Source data
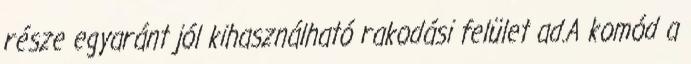
része egyaránt jól kihasználható rakodási felület ad.A komód a
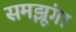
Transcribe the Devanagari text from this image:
समझूंगा
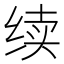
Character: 续
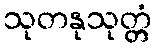
သုတနုသုတ္တံ
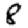
Digit: 8
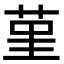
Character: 𦰌
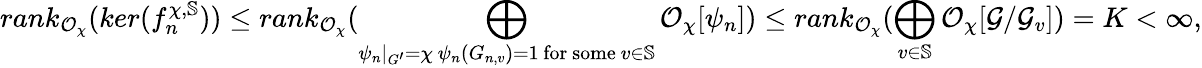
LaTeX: rank_{\mathcal O_{\chi}}(ker(f_{n}^{\chi,\mathbb S}))\leq rank_{\mathcal{O}_{\chi}}(\bigoplus_{\substack{\psi_{n}|_{G^{\prime}}=\chi\, \psi_{n}(G_{n,v})=1\, \mathrm{for~some~}v\in\mathbb S}}\mathcal{O}_{\chi}[\psi_{n}])\leq rank_{\mathcal{O}_{\chi}}(\bigoplus_{v\in\mathbb S}\mathcal{O}_{\chi}[\mathcal G/\mathcal G_{v}])=K<\infty,
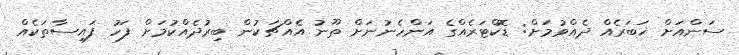
ސަންއަށް ޚަބަރެއް ދެއްވުމަށް: ޑޮކްޓަރެއްގެ އަންހެނުނަށް ތޫނު އެއްޗަކުން ބިރުދެއްކުމަށް ފަހު ފައިސާތަކެއް
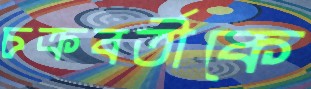
চক্রবর্তীকে
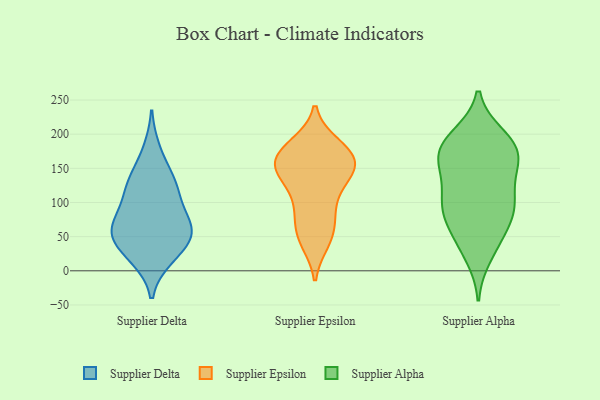
{"axis": {"x": "Satisfaction Score", "y": "Value"}, "legend": ["Supplier Alpha", "Supplier Delta", "Supplier Epsilon"], "data": [{"x": "", "y": 92, "type": "Supplier Delta"}, {"x": "", "y": 18, "type": "Supplier Delta"}, {"x": "", "y": 54, "type": "Supplier Delta"}, {"x": "", "y": 121, "type": "Supplier Delta"}, {"x": "", "y": 132, "type": "Supplier Delta"}, {"x": "", "y": 113, "type": "Supplier Delta"}, {"x": "", "y": 62, "type": "Supplier Delta"}, {"x": "", "y": 78, "type": "Supplier Delta"}, {"x": "", "y": 177, "type": "Supplier Delta"}, {"x": "", "y": 53, "type": "Supplier Delta"}, {"x": "", "y": 65, "type": "Supplier Delta"}, {"x": "", "y": 18, "type": "Supplier Delta"}, {"x": "", "y": 50, "type": "Supplier Delta"}, {"x": "", "y": 40, "type": "Supplier Delta"}, {"x": "", "y": 139, "type": "Supplier Delta"}, {"x": "", "y": 101, "type": "Supplier Epsilon"}, {"x": "", "y": 135, "type": "Supplier Epsilon"}, {"x": "", "y": 76, "type": "Supplier Epsilon"}, {"x": "", "y": 154, "type": "Supplier Epsilon"}, {"x": "", "y": 46, "type": "Supplier Epsilon"}, {"x": "", "y": 167, "type": "Supplier Epsilon"}, {"x": "", "y": 145, "type": "Supplier Epsilon"}, {"x": "", "y": 96, "type": "Supplier Epsilon"}, {"x": "", "y": 49, "type": "Supplier Epsilon"}, {"x": "", "y": 181, "type": "Supplier Epsilon"}, {"x": "", "y": 185, "type": "Supplier Epsilon"}, {"x": "", "y": 131, "type": "Supplier Epsilon"}, {"x": "", "y": 136, "type": "Supplier Epsilon"}, {"x": "", "y": 160, "type": "Supplier Epsilon"}, {"x": "", "y": 162, "type": "Supplier Epsilon"}, {"x": "", "y": 169, "type": "Supplier Epsilon"}, {"x": "", "y": 183, "type": "Supplier Epsilon"}, {"x": "", "y": 152, "type": "Supplier Epsilon"}, {"x": "", "y": 42, "type": "Supplier Epsilon"}, {"x": "", "y": 74, "type": "Supplier Epsilon"}, {"x": "", "y": 47, "type": "Supplier Alpha"}, {"x": "", "y": 126, "type": "Supplier Alpha"}, {"x": "", "y": 173, "type": "Supplier Alpha"}, {"x": "", "y": 155, "type": "Supplier Alpha"}, {"x": "", "y": 179, "type": "Supplier Alpha"}, {"x": "", "y": 89, "type": "Supplier Alpha"}, {"x": "", "y": 75, "type": "Supplier Alpha"}, {"x": "", "y": 79, "type": "Supplier Alpha"}, {"x": "", "y": 166, "type": "Supplier Alpha"}, {"x": "", "y": 39, "type": "Supplier Alpha"}, {"x": "", "y": 111, "type": "Supplier Alpha"}, {"x": "", "y": 197, "type": "Supplier Alpha"}, {"x": "", "y": 198, "type": "Supplier Alpha"}, {"x": "", "y": 93, "type": "Supplier Alpha"}, {"x": "", "y": 87, "type": "Supplier Alpha"}, {"x": "", "y": 21, "type": "Supplier Alpha"}, {"x": "", "y": 118, "type": "Supplier Alpha"}, {"x": "", "y": 165, "type": "Supplier Alpha"}, {"x": "", "y": 158, "type": "Supplier Alpha"}, {"x": "", "y": 190, "type": "Supplier Alpha"}]}
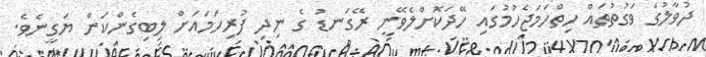
ދުވާލުގެ ވަގުތުތައް ހިތްހަމަޖެހުމުގައި ހޭދަކޮށްލެވޭނީ ރޭގަނޑު ގެ ނިދި ފުރިހަމައަށް ލިބިގެންކަން ޔަގީނެވެ.
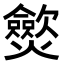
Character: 𤒡
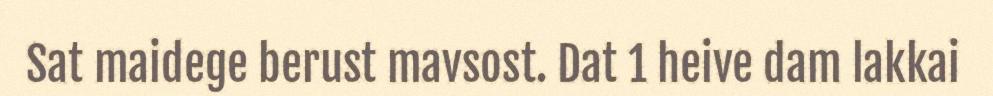
Sat maidege berust mavsost. Dat 1 heive dam lakkai

■ Task item ■
In the records above, find the line that contains "ދުވާލުގެ ވަގުތުތައް ހިތްހަމަޖެހުމުގައި". Retype it and every line after it, exactly, leaving out all pictures.

■ Solution to this task ■
ދުވާލުގެ ވަގުތުތައް ހިތްހަމަޖެހުމުގައި ހޭދަކޮށްލެވޭނީ ރޭގަނޑު ގެ ނިދި ފުރިހަމައަށް ލިބިގެންކަން ޔަގީނެވެ.
Character: 𤒡
Sat maidege berust mavsost. Dat 1 heive dam lakkai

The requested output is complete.